Il revendique l’arrêt des exclusions électorales, la fin du contrôle des institutions, l’organisation d’une élection présidentielle transparente, inclusive et conforme aux standards internationaux, et la restauration des libertés publiques, notamment la liberté de manifester et d’exprimer des opinions politiques divergentes.

Dans cette démarche, Laurent Gbagbo a déjà été rejoint par Guillaume Soro et Tidjane Thiam.

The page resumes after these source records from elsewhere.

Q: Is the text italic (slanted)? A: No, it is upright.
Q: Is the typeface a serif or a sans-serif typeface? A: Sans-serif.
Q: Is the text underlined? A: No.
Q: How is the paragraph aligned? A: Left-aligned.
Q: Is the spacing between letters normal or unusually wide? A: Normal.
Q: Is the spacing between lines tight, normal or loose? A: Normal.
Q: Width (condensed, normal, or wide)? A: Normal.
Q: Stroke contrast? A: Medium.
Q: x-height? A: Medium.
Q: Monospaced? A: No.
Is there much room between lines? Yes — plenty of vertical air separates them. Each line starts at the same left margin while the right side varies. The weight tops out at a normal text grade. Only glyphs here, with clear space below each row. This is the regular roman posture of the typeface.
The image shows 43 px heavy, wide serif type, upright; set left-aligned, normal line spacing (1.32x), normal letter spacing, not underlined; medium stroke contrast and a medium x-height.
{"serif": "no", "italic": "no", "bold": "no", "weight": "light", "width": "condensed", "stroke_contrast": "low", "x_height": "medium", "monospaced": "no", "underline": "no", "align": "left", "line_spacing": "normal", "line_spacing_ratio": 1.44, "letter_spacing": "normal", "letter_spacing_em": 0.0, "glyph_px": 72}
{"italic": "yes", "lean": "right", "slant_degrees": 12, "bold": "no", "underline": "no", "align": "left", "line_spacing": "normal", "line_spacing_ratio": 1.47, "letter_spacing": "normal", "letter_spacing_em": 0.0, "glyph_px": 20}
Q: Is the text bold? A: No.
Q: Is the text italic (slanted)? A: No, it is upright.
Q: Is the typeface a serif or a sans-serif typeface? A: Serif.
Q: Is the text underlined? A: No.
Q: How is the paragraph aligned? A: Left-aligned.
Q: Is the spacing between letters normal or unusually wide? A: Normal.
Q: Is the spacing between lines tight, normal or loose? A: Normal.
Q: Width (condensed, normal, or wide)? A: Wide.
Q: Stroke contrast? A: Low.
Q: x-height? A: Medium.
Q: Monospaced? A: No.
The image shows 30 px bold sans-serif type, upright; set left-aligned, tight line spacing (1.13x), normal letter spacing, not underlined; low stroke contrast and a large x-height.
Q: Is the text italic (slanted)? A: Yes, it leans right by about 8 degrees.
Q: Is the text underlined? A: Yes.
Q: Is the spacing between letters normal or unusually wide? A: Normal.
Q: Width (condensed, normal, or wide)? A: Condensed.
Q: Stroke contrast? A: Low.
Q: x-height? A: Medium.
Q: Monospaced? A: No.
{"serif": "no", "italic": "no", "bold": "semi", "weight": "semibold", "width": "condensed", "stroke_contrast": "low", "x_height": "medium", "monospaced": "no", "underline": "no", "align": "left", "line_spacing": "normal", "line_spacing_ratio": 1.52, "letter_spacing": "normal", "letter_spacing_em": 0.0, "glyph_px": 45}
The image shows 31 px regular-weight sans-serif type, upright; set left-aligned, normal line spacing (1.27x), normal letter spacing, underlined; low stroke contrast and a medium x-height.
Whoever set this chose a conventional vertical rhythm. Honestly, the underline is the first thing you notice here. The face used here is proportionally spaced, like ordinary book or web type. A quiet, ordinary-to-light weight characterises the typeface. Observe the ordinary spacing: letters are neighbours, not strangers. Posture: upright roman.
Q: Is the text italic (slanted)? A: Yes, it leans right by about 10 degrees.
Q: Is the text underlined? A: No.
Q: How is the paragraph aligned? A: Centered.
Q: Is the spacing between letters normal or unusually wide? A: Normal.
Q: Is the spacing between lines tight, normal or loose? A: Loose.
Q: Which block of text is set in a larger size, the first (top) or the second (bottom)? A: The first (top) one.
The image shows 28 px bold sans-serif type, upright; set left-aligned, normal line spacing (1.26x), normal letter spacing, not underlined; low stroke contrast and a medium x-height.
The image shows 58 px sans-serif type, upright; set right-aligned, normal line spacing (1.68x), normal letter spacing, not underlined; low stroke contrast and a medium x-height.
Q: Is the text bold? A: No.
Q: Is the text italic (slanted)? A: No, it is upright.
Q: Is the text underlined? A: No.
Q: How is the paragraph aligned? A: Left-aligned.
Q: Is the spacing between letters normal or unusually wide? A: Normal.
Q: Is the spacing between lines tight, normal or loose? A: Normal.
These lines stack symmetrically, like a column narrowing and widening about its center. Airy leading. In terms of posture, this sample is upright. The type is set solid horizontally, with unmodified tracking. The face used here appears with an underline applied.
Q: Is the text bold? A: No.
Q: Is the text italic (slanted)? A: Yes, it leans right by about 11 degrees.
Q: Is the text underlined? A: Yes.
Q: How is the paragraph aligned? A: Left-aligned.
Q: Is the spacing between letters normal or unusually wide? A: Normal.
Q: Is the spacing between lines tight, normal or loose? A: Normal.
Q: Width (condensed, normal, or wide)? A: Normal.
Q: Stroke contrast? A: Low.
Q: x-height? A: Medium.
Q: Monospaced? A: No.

« Selon eux, les responsables politiques prennent des décisions qu’ils habillent d’un sceau judiciaire. Ils mènent des actions politiques pour pouvoir amener le pouvoir à la table de négociation et à trouver une solution politique afin d’anticiper la crise », analyse le politologue Netton Prince Tawa.

À moins d’un bouleversement de dernière minute, la présidentielle de 2025 devrait consacrer un affrontement entre candidats internes au pouvoir ou issus de micro-formations tolérées par le système.